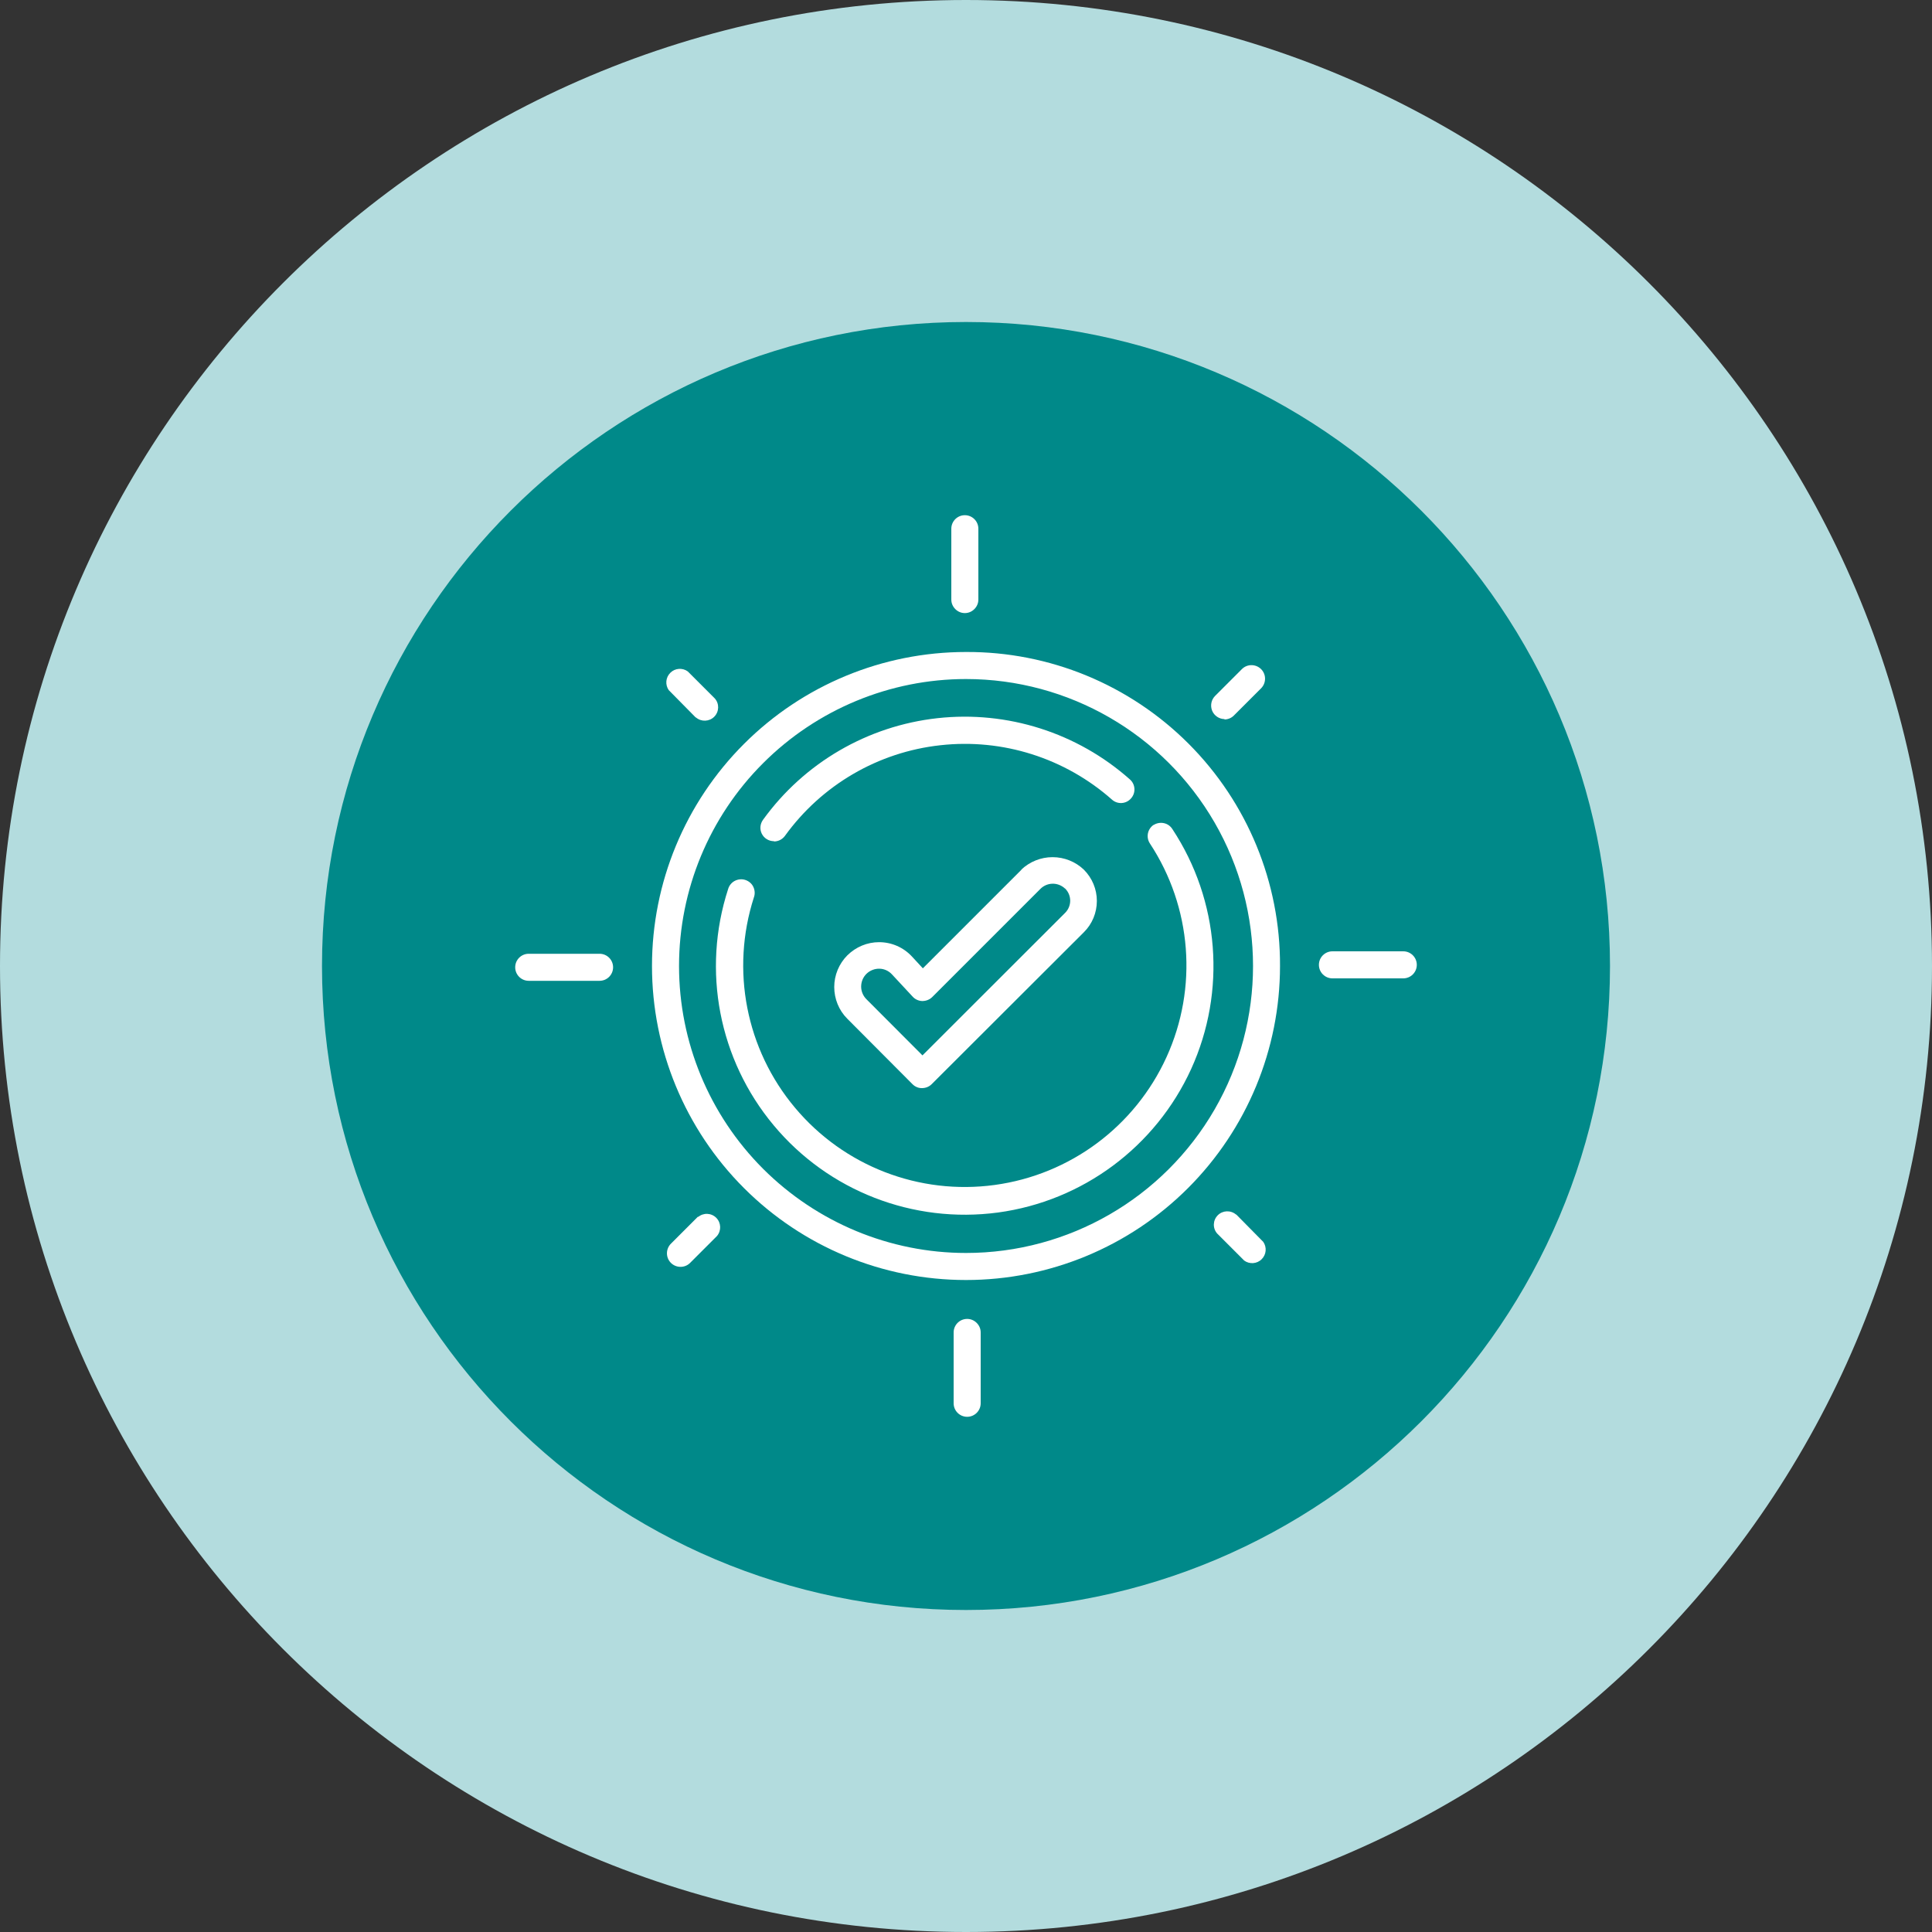 <?xml version="1.0" encoding="UTF-8"?>
<svg id="Capa_2" data-name="Capa 2" xmlns="http://www.w3.org/2000/svg" viewBox="0 0 150 150">
  <rect x="0" y="0" width="150" height="150" fill="#333333" stroke="none"/>
  <defs>
    <style>
      .cls-1 {
        fill: #b3dcde;
      }

      .cls-2 {
        fill: #fff;
      }

      .cls-3 {
        fill: #008989;
      }
    </style>
  </defs>
  <g id="Capa_1-2" data-name="Capa 1">
    <g>
      <path class="cls-1" d="M75,0h0c41.41,0,75,33.59,75,75h0c0,41.41-33.59,75-75,75h0C33.59,150,0,116.41,0,75h0C0,33.59,33.59,0,75,0Z"/>
      <path class="cls-3" d="M125,75c0,27.6-22.4,50-50,50s-50-22.4-50-50,22.4-50,50-50,50,22.4,50,50Z"/>
      <g>
        <path class="cls-2" d="M60.09,65.33c.34,0,.65-.16.85-.43,2.85-3.95,7.23-6.51,12.07-7.04,4.84-.54,9.68,1,13.32,4.22.43.39,1.1.35,1.48-.09.39-.43.35-1.1-.09-1.48-4.08-3.62-9.51-5.35-14.94-4.75-5.43.6-10.35,3.47-13.54,7.89-.23.32-.27.74-.09,1.09.18.35.54.57.94.57h0Z"/>
        <path class="cls-2" d="M89.57,64.04c-.48.32-.61.97-.29,1.45,3.25,4.94,3.74,11.2,1.29,16.58-2.45,5.38-7.48,9.13-13.34,9.93-5.86.8-11.71-1.46-15.51-6-3.8-4.53-5-10.69-3.19-16.32.1-.27.08-.56-.04-.82-.12-.26-.35-.45-.62-.54-.27-.09-.57-.06-.82.07-.25.13-.44.36-.52.64-2.05,6.32-.72,13.24,3.54,18.34,4.25,5.1,10.83,7.65,17.41,6.77,6.58-.89,12.24-5.1,15-11.14,2.75-6.04,2.2-13.08-1.45-18.62-.15-.24-.38-.41-.66-.47-.27-.06-.56-.01-.8.14h0Z"/>
        <path class="cls-2" d="M79.32,67.51l-7.67,7.67-.85-.92c-.66-.71-1.58-1.11-2.55-1.11-.92,0-1.8.37-2.46,1.02-.65.65-1.02,1.54-1.02,2.46,0,.92.36,1.81,1.01,2.46l5.07,5.09c.2.2.47.31.74.3.28,0,.55-.11.74-.3l11.82-11.8c.65-.64,1.01-1.52,1.01-2.43s-.36-1.78-1.01-2.43c-.65-.62-1.52-.97-2.43-.97s-1.77.35-2.43.97h0ZM82.7,68.99h0c.25.25.39.59.39.94s-.14.69-.39.94l-11.08,11.07-4.33-4.34h0c-.27-.26-.43-.62-.43-1,0-.38.15-.74.42-1,.27-.26.64-.4,1.01-.39.38.01.73.18.98.46l1.59,1.71c.19.21.46.33.74.34.29,0,.56-.1.77-.3l8.39-8.39c.52-.54,1.37-.56,1.92-.05h.01Z"/>
        <path class="cls-2" d="M75,50.62c-6.47,0-12.67,2.57-17.24,7.14-4.57,4.57-7.14,10.77-7.14,17.24s2.57,12.67,7.14,17.24,10.77,7.14,17.24,7.14,12.67-2.57,17.24-7.14c4.57-4.57,7.14-10.77,7.14-17.24.03-6.47-2.53-12.69-7.11-17.27-4.58-4.58-10.8-7.14-17.27-7.11h0ZM75,97.28c-5.91,0-11.57-2.36-15.75-6.53-4.18-4.18-6.53-9.84-6.53-15.75,0-5.91,2.35-11.58,6.53-15.75,4.18-4.18,9.85-6.53,15.75-6.53,7.96,0,15.32,4.25,19.3,11.14,3.98,6.89,3.98,15.39,0,22.28-3.98,6.89-11.34,11.14-19.3,11.14Z"/>
        <path class="cls-2" d="M108.95,73.86h-5.5c-.58,0-1.05.47-1.05,1.05s.47,1.05,1.05,1.05h5.5c.58,0,1.05-.47,1.05-1.05s-.47-1.05-1.05-1.05Z"/>
        <path class="cls-2" d="M75.09,102.4c-.58,0-1.05.47-1.05,1.05v5.5c0,.58.47,1.05,1.05,1.05s1.05-.47,1.05-1.05v-5.5c0-.28-.11-.54-.31-.74s-.46-.31-.74-.31h0Z"/>
        <path class="cls-2" d="M46.55,74.05h-5.5c-.58,0-1.05.47-1.05,1.05s.47,1.05,1.05,1.05h5.5c.58,0,1.05-.47,1.05-1.05s-.47-1.05-1.05-1.05Z"/>
        <path class="cls-2" d="M74.91,47.6c.28,0,.54-.11.74-.31.2-.2.31-.46.31-.74v-5.5c0-.58-.47-1.05-1.05-1.05s-1.05.47-1.05,1.05v5.5c0,.28.11.54.31.74s.46.31.74.31h0Z"/>
        <path class="cls-2" d="M54.03,55.7c.42.36,1.04.33,1.42-.05.39-.39.41-1.01.05-1.42l-2.1-2.1c-.41-.3-.99-.26-1.35.1-.37.36-.42.93-.13,1.35l2.1,2.13Z"/>
        <path class="cls-2" d="M54.21,94.44l-2.1,2.1c-.42.4-.44,1.07-.04,1.49.4.42,1.07.44,1.49.04l2.1-2.1c.36-.42.33-1.04-.05-1.42-.39-.39-1.01-.41-1.42-.05l.02-.05Z"/>
        <path class="cls-2" d="M95.97,94.3c-.42-.36-1.04-.33-1.42.05-.39.39-.41,1.01-.05,1.42l2.1,2.1c.41.3.99.26,1.35-.1.37-.36.42-.93.13-1.35l-2.1-2.13Z"/>
        <path class="cls-2" d="M95.05,55.86c.28,0,.55-.11.74-.3l2.1-2.1c.42-.4.44-1.07.04-1.49-.4-.42-1.07-.44-1.49-.04l-2.1,2.1c-.3.3-.39.75-.23,1.15.16.39.55.65.97.65l-.03.04Z"/>
      </g>
    </g>
  </g>
</svg>

—————

- _Goal of the exercise_
Once more, please print all the lines above exactly, without their pictures.

- _Solution for this problem_
 <?xml version="1.0" encoding="UTF-8"?>
<svg id="Capa_2" data-name="Capa 2" xmlns="http://www.w3.org/2000/svg" viewBox="0 0 150 150">
  <rect x="0" y="0" width="150" height="150" fill="#333333" stroke="none"/>
  <defs>
    <style>
      .cls-1 {
        fill: #b3dcde;
      }

      .cls-2 {
        fill: #fff;
      }

      .cls-3 {
        fill: #008989;
      }
    </style>
  </defs>
  <g id="Capa_1-2" data-name="Capa 1">
    <g>
      <path class="cls-1" d="M75,0h0c41.41,0,75,33.59,75,75h0c0,41.41-33.59,75-75,75h0C33.59,150,0,116.41,0,75h0C0,33.59,33.59,0,75,0Z"/>
      <path class="cls-3" d="M125,75c0,27.6-22.4,50-50,50s-50-22.4-50-50,22.4-50,50-50,50,22.4,50,50Z"/>
      <g>
        <path class="cls-2" d="M60.09,65.33c.34,0,.65-.16.85-.43,2.85-3.95,7.23-6.51,12.07-7.04,4.84-.54,9.68,1,13.32,4.22.43.39,1.1.35,1.48-.09.39-.43.35-1.1-.09-1.48-4.08-3.62-9.51-5.35-14.94-4.75-5.43.6-10.35,3.47-13.54,7.89-.23.32-.27.74-.09,1.09.18.35.54.57.94.57h0Z"/>
        <path class="cls-2" d="M89.57,64.04c-.48.32-.61.97-.29,1.45,3.25,4.94,3.74,11.2,1.29,16.58-2.45,5.38-7.48,9.13-13.34,9.93-5.86.8-11.71-1.46-15.51-6-3.8-4.53-5-10.69-3.19-16.32.1-.27.08-.56-.04-.82-.12-.26-.35-.45-.62-.54-.27-.09-.57-.06-.82.07-.25.13-.44.36-.52.64-2.05,6.32-.72,13.24,3.54,18.34,4.25,5.1,10.83,7.65,17.41,6.77,6.58-.89,12.24-5.1,15-11.14,2.75-6.04,2.2-13.08-1.45-18.62-.15-.24-.38-.41-.66-.47-.27-.06-.56-.01-.8.14h0Z"/>
        <path class="cls-2" d="M79.32,67.51l-7.67,7.67-.85-.92c-.66-.71-1.58-1.11-2.55-1.11-.92,0-1.8.37-2.46,1.02-.65.65-1.02,1.54-1.02,2.46,0,.92.36,1.81,1.01,2.46l5.07,5.09c.2.2.47.31.74.3.28,0,.55-.11.74-.3l11.82-11.8c.65-.64,1.01-1.52,1.01-2.43s-.36-1.78-1.01-2.43c-.65-.62-1.52-.97-2.43-.97s-1.77.35-2.43.97h0ZM82.7,68.99h0c.25.25.39.59.39.94s-.14.69-.39.94l-11.08,11.07-4.33-4.34h0c-.27-.26-.43-.62-.43-1,0-.38.15-.74.42-1,.27-.26.64-.4,1.01-.39.38.01.73.18.98.46l1.59,1.71c.19.21.46.33.74.34.29,0,.56-.1.77-.3l8.39-8.39c.52-.54,1.37-.56,1.92-.05h.01Z"/>
        <path class="cls-2" d="M75,50.62c-6.47,0-12.67,2.57-17.24,7.14-4.57,4.57-7.14,10.77-7.14,17.24s2.57,12.67,7.14,17.24,10.77,7.14,17.24,7.14,12.67-2.57,17.24-7.14c4.57-4.57,7.14-10.77,7.14-17.24.03-6.47-2.53-12.69-7.11-17.27-4.58-4.58-10.8-7.14-17.27-7.11h0ZM75,97.28c-5.91,0-11.57-2.36-15.75-6.53-4.18-4.18-6.53-9.84-6.53-15.75,0-5.91,2.35-11.58,6.53-15.75,4.18-4.18,9.85-6.53,15.75-6.53,7.96,0,15.32,4.25,19.3,11.14,3.98,6.89,3.98,15.39,0,22.28-3.98,6.89-11.34,11.14-19.3,11.14Z"/>
        <path class="cls-2" d="M108.95,73.86h-5.5c-.58,0-1.05.47-1.05,1.05s.47,1.05,1.05,1.05h5.5c.58,0,1.05-.47,1.05-1.05s-.47-1.05-1.05-1.05Z"/>
        <path class="cls-2" d="M75.09,102.4c-.58,0-1.05.47-1.05,1.05v5.5c0,.58.47,1.05,1.05,1.05s1.05-.47,1.05-1.05v-5.5c0-.28-.11-.54-.31-.74s-.46-.31-.74-.31h0Z"/>
        <path class="cls-2" d="M46.55,74.05h-5.5c-.58,0-1.05.47-1.05,1.05s.47,1.05,1.05,1.05h5.5c.58,0,1.05-.47,1.05-1.05s-.47-1.05-1.05-1.05Z"/>
        <path class="cls-2" d="M74.91,47.6c.28,0,.54-.11.74-.31.2-.2.31-.46.31-.74v-5.5c0-.58-.47-1.05-1.05-1.05s-1.05.47-1.05,1.05v5.5c0,.28.11.54.31.74s.46.31.74.31h0Z"/>
        <path class="cls-2" d="M54.03,55.7c.42.36,1.04.33,1.42-.05.39-.39.41-1.01.05-1.42l-2.1-2.1c-.41-.3-.99-.26-1.35.1-.37.36-.42.93-.13,1.35l2.1,2.13Z"/>
        <path class="cls-2" d="M54.21,94.44l-2.1,2.1c-.42.4-.44,1.07-.04,1.49.4.42,1.07.44,1.49.04l2.1-2.1c.36-.42.33-1.04-.05-1.42-.39-.39-1.01-.41-1.42-.05l.02-.05Z"/>
        <path class="cls-2" d="M95.97,94.3c-.42-.36-1.04-.33-1.42.05-.39.39-.41,1.01-.05,1.42l2.1,2.1c.41.3.99.26,1.35-.1.37-.36.42-.93.13-1.35l-2.1-2.13Z"/>
        <path class="cls-2" d="M95.05,55.86c.28,0,.55-.11.74-.3l2.1-2.1c.42-.4.44-1.07.04-1.49-.4-.42-1.07-.44-1.49-.04l-2.1,2.1c-.3.3-.39.75-.23,1.15.16.39.55.65.97.65l-.03.04Z"/>
      </g>
    </g>
  </g>
</svg>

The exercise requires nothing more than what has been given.